The Office of Partnerships and Technology Transfer begins cohort 2 of the Entrepreneurship and Commercialization Practicum on July 9, and it will help new scientist-entrepreneurs think critically about what dynamic barriers exist to market entry, how they can adjust their customer hypotheses, and how their innovation can get a piece of the industry pie.
Inventors typically think their invention can capture 90% of the total market, available everywhere and without competition. The inventor’s instinct is, “everyone should want this!” In contrast, the short-term target is ultimately the one that matters most: the obtainable fraction of the available market.
Back in the early 2000s, there was a product so cutting edge that legendary innovators like Steve Jobs and Jeff Bezos promoted it as something everyone would want.

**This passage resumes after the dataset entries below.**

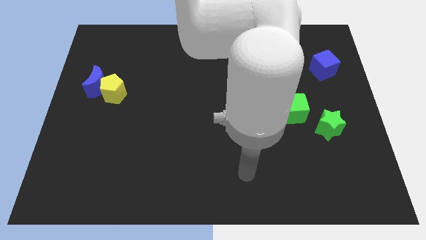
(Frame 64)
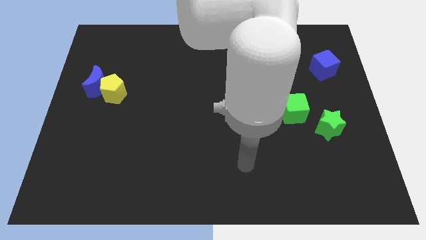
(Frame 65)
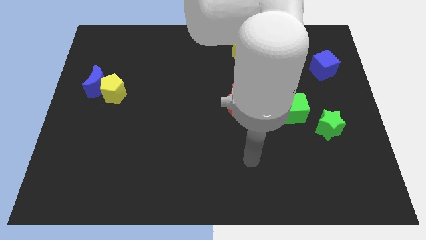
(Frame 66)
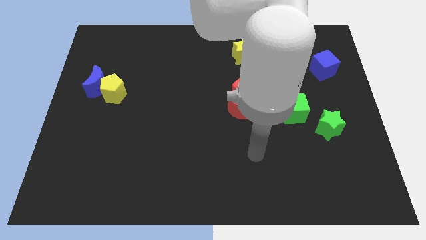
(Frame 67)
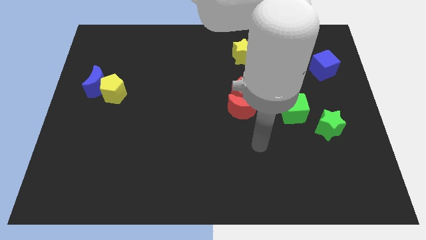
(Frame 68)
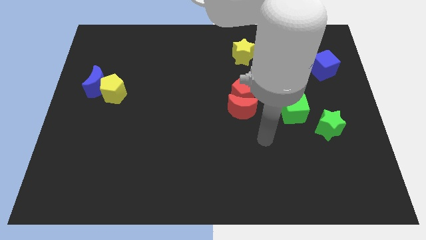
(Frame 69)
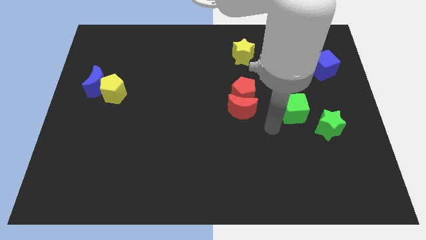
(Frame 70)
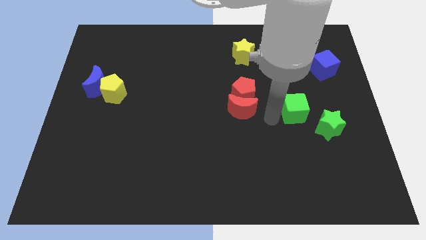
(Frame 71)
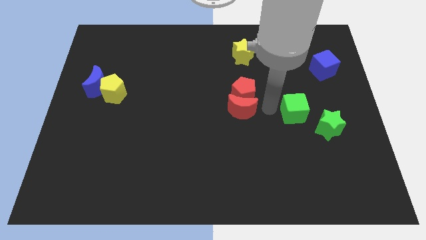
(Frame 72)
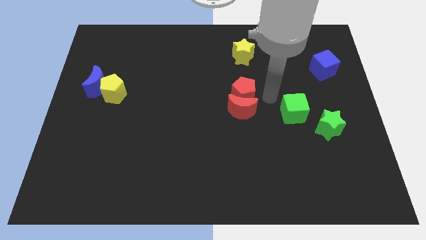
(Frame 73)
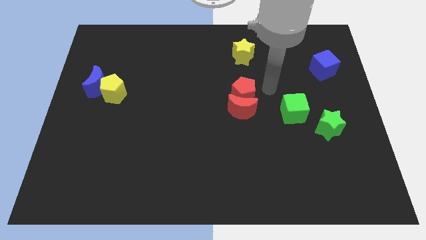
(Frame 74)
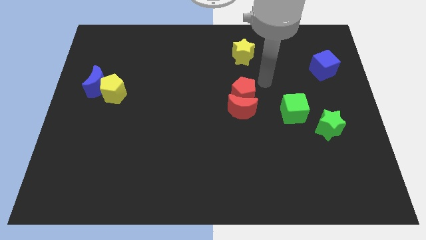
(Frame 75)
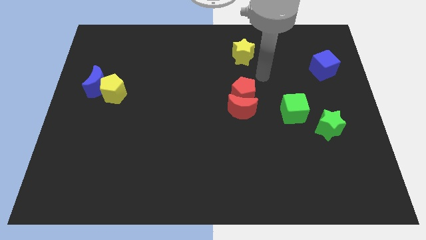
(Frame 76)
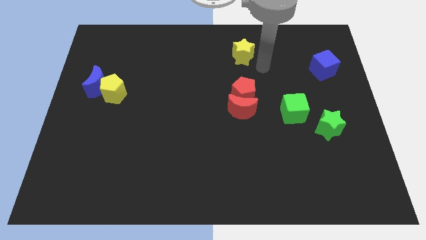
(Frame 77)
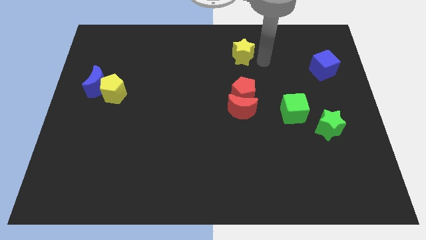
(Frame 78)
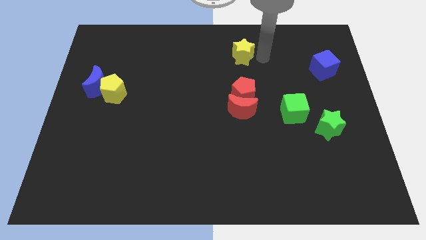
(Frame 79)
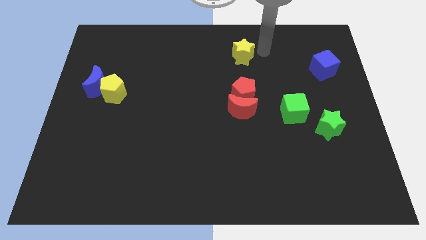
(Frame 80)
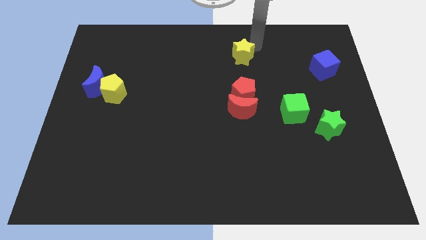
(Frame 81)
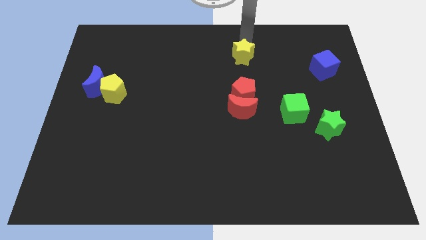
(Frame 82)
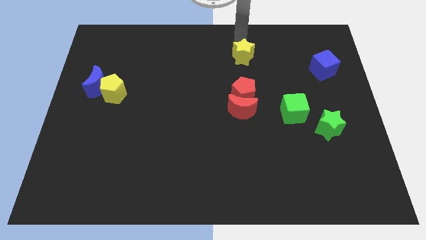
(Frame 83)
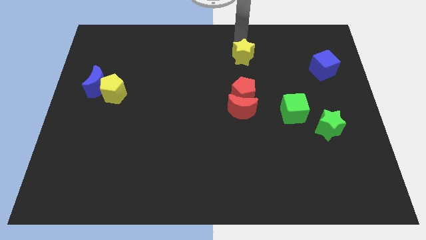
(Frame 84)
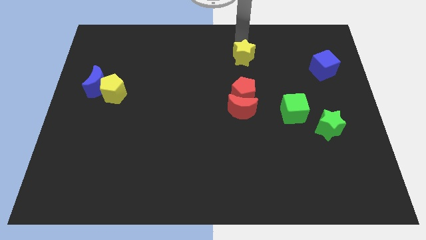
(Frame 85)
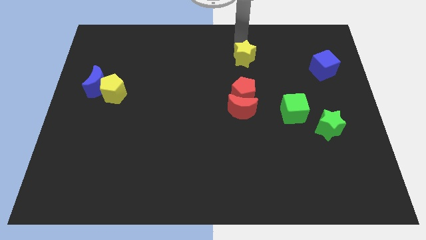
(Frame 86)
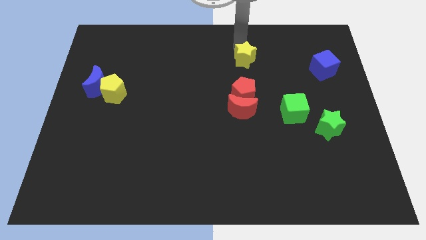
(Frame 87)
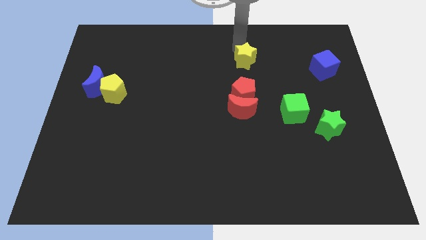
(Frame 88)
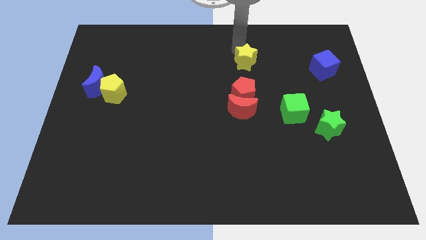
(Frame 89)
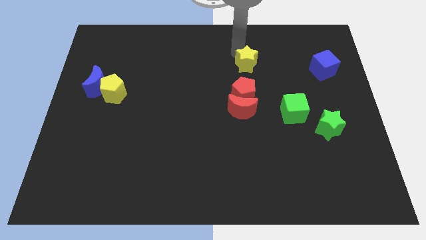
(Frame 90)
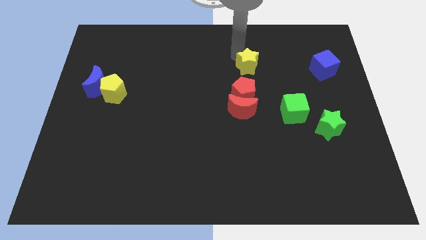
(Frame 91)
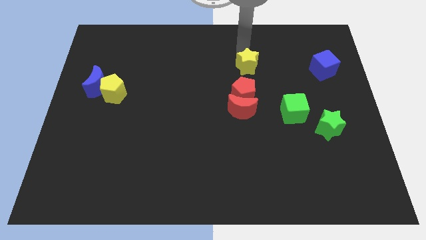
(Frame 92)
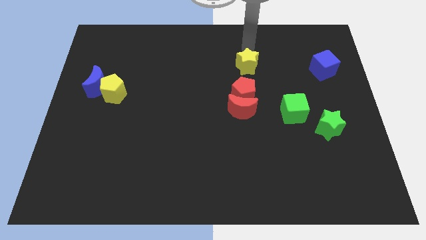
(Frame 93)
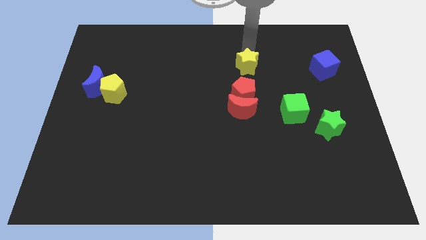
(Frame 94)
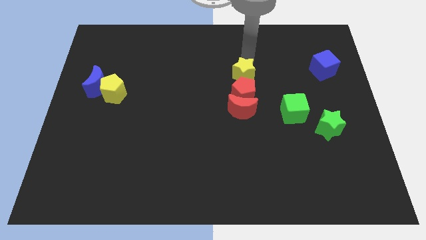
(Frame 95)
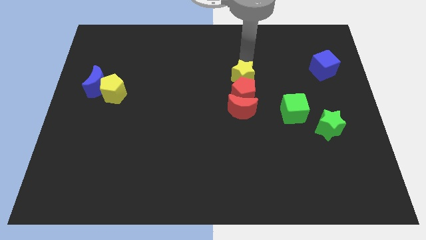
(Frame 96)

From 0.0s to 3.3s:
put the yellow star next to the red pentagon

After two years, though, less than 10,000 units were sold of the Segway, a product that was going to be as “big a deal as a PC.” Now it is only used by very small niche markets such as tour guides, law enforcement and warehouses. The lesson? Launching new products and services is risky—very risky.
Understanding TAM, SAM and SOM and why they matter are useful tools in building timelines and presenting useful information to investors:
TAM, Total Available Market: the universe of demand for a product or service.
SAM, Serviceable Available Market: the segment of the TAM targeted by your products and within your geographical reach.
SOM, Serviceable Obtainable Market: the portion of the SAM you can reasonably capture.
In module 7 of the practicum, Market & Competitor Analysis, students will assess TAM, SAM and SOM subsets of potential markets and how to position a startup for success.
Register for the eight-week course at: https://indico.fnal.gov/e/OPTTPracticum2020
Seats are limited.
Questions? Contact Laura Rogas, email@example.com.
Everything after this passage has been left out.